• **What to produce**: Would you quote the material below from its first line through the line containing "དཔེར་ན། ཐང་ཕྲོམ་ཟོས་པས་མིག་ལམ་དུ་སྐྲ་ཤད་འཛག་པ་དང་། མཁྲིས་ནད་", exactly and with both ends included?

• **Source records**:
+ + + + + + +

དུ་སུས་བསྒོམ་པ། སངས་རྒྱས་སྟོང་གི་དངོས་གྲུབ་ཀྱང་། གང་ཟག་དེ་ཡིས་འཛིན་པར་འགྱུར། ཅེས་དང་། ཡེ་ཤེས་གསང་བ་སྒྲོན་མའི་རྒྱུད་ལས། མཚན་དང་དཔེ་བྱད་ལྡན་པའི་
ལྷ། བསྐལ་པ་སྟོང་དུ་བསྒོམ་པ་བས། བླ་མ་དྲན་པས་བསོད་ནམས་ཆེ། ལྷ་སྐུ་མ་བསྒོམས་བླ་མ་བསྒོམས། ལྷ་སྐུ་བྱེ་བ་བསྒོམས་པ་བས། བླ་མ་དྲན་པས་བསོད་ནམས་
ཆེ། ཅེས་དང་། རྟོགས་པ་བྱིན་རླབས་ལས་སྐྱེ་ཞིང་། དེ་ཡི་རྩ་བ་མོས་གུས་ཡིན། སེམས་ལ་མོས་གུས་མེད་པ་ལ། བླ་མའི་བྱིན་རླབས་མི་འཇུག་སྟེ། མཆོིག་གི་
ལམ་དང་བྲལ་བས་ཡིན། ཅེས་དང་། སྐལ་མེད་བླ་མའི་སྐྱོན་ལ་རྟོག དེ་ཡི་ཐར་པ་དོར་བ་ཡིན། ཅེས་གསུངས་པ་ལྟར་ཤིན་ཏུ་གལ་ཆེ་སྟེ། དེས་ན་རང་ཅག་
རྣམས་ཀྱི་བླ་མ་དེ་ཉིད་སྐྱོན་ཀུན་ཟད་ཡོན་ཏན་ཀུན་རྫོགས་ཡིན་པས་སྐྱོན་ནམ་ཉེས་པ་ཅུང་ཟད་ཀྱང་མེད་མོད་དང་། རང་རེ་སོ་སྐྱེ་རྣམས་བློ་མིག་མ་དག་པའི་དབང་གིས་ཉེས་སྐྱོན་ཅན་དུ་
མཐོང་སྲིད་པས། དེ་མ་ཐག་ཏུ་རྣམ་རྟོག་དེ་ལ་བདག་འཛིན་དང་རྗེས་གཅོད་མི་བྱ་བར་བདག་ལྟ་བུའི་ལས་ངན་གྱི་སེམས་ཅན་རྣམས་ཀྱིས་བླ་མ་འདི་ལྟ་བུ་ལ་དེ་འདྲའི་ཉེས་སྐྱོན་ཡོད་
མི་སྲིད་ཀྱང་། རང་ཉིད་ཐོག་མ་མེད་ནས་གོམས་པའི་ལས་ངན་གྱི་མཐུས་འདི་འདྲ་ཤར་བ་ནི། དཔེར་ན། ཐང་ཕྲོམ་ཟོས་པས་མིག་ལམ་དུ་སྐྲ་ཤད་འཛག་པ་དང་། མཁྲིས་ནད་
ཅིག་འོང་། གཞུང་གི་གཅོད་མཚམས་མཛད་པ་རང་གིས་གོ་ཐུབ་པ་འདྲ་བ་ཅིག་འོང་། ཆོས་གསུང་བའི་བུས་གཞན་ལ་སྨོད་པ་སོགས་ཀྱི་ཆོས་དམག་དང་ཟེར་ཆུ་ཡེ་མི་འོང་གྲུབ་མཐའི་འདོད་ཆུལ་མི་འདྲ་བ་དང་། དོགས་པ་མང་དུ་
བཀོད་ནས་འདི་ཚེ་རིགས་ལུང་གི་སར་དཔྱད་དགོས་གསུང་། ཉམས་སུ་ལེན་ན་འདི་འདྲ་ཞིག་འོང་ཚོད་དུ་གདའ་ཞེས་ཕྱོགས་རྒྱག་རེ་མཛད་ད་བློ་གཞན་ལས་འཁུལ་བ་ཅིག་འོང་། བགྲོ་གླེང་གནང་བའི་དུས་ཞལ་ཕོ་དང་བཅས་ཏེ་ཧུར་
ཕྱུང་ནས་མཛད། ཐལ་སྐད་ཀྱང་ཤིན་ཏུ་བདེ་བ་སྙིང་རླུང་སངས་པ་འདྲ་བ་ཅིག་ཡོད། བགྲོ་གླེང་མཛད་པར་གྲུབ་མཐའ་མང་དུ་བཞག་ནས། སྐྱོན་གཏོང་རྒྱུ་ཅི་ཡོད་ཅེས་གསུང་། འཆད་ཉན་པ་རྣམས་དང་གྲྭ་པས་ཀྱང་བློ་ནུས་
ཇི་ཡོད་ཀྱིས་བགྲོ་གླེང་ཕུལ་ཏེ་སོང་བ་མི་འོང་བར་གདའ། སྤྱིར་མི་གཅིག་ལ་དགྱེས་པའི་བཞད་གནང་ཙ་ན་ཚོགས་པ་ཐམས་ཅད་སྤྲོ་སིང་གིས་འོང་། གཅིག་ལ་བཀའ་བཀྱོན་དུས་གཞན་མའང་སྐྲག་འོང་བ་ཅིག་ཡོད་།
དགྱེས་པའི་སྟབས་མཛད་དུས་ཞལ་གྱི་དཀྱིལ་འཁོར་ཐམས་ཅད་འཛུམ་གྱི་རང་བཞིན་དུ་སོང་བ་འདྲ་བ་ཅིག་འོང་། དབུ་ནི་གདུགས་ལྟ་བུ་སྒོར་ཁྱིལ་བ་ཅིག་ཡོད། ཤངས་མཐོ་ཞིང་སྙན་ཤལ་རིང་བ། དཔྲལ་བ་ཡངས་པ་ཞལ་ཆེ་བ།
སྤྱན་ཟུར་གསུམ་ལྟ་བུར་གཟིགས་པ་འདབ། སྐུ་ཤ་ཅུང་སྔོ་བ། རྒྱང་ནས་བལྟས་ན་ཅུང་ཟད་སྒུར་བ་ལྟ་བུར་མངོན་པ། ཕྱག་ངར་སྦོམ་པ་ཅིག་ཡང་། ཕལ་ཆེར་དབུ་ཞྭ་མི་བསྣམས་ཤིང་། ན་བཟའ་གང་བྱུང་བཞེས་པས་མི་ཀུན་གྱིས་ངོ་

+ + + + + + +

• **Response to this task**:
དུ་སུས་བསྒོམ་པ། སངས་རྒྱས་སྟོང་གི་དངོས་གྲུབ་ཀྱང་། གང་ཟག་དེ་ཡིས་འཛིན་པར་འགྱུར། ཅེས་དང་། ཡེ་ཤེས་གསང་བ་སྒྲོན་མའི་རྒྱུད་ལས། མཚན་དང་དཔེ་བྱད་ལྡན་པའི་
ལྷ། བསྐལ་པ་སྟོང་དུ་བསྒོམ་པ་བས། བླ་མ་དྲན་པས་བསོད་ནམས་ཆེ། ལྷ་སྐུ་མ་བསྒོམས་བླ་མ་བསྒོམས། ལྷ་སྐུ་བྱེ་བ་བསྒོམས་པ་བས། བླ་མ་དྲན་པས་བསོད་ནམས་
ཆེ། ཅེས་དང་། རྟོགས་པ་བྱིན་རླབས་ལས་སྐྱེ་ཞིང་། དེ་ཡི་རྩ་བ་མོས་གུས་ཡིན། སེམས་ལ་མོས་གུས་མེད་པ་ལ། བླ་མའི་བྱིན་རླབས་མི་འཇུག་སྟེ། མཆོིག་གི་
ལམ་དང་བྲལ་བས་ཡིན། ཅེས་དང་། སྐལ་མེད་བླ་མའི་སྐྱོན་ལ་རྟོག དེ་ཡི་ཐར་པ་དོར་བ་ཡིན། ཅེས་གསུངས་པ་ལྟར་ཤིན་ཏུ་གལ་ཆེ་སྟེ། དེས་ན་རང་ཅག་
རྣམས་ཀྱི་བླ་མ་དེ་ཉིད་སྐྱོན་ཀུན་ཟད་ཡོན་ཏན་ཀུན་རྫོགས་ཡིན་པས་སྐྱོན་ནམ་ཉེས་པ་ཅུང་ཟད་ཀྱང་མེད་མོད་དང་། རང་རེ་སོ་སྐྱེ་རྣམས་བློ་མིག་མ་དག་པའི་དབང་གིས་ཉེས་སྐྱོན་ཅན་དུ་
མཐོང་སྲིད་པས། དེ་མ་ཐག་ཏུ་རྣམ་རྟོག་དེ་ལ་བདག་འཛིན་དང་རྗེས་གཅོད་མི་བྱ་བར་བདག་ལྟ་བུའི་ལས་ངན་གྱི་སེམས་ཅན་རྣམས་ཀྱིས་བླ་མ་འདི་ལྟ་བུ་ལ་དེ་འདྲའི་ཉེས་སྐྱོན་ཡོད་
མི་སྲིད་ཀྱང་། རང་ཉིད་ཐོག་མ་མེད་ནས་གོམས་པའི་ལས་ངན་གྱི་མཐུས་འདི་འདྲ་ཤར་བ་ནི། དཔེར་ན། ཐང་ཕྲོམ་ཟོས་པས་མིག་ལམ་དུ་སྐྲ་ཤད་འཛག་པ་དང་། མཁྲིས་ནད་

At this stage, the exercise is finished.